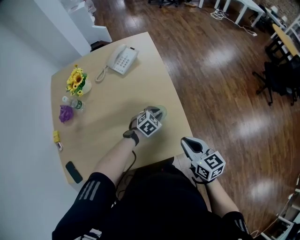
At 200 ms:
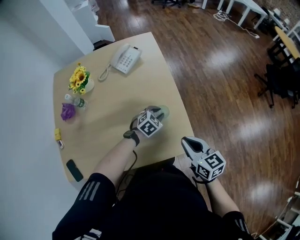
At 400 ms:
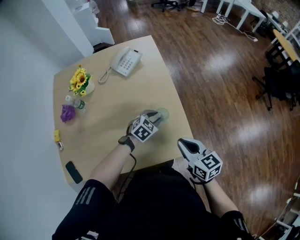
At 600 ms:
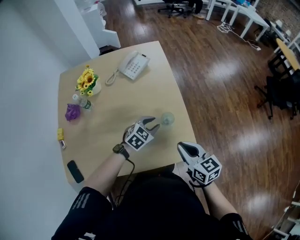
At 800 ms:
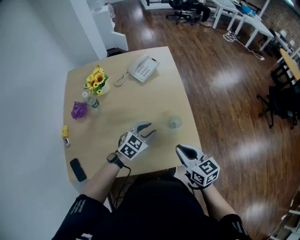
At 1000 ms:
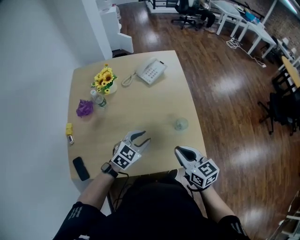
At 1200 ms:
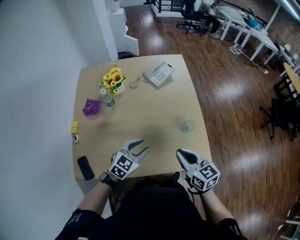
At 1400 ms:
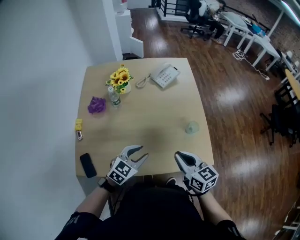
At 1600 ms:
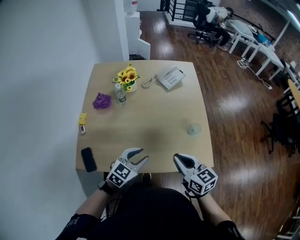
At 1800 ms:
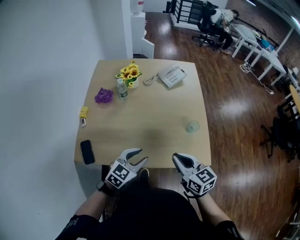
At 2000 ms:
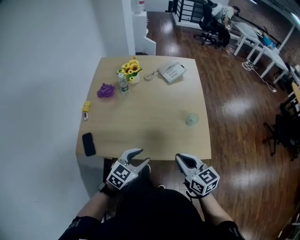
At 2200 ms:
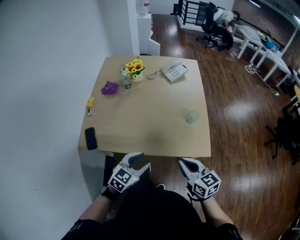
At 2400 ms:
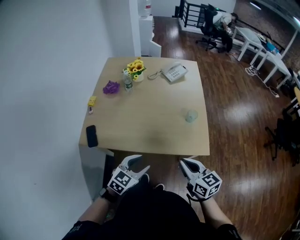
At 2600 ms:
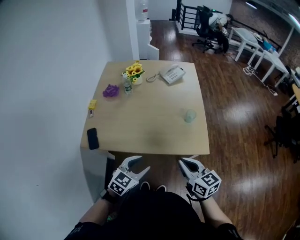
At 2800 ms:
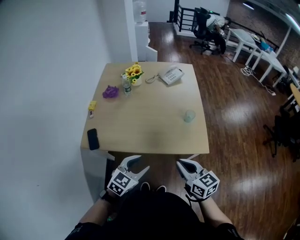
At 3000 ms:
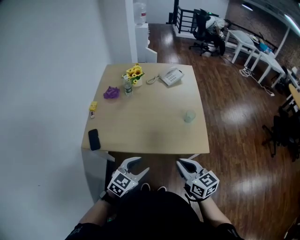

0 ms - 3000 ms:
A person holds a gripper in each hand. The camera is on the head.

Description of the task
Would you please output the listing above exactly, leaving out the pictures?

Exercise answer
At 200 ms:
At 400 ms:
At 600 ms:
At 800 ms:
At 1000 ms:
At 1200 ms:
At 1400 ms:
At 1600 ms:
At 1800 ms:
At 2000 ms:
At 2200 ms:
At 2400 ms:
At 2600 ms:
At 2800 ms:
At 3000 ms:

0 ms - 3000 ms:
A person holds a gripper in each hand. The camera is on the head.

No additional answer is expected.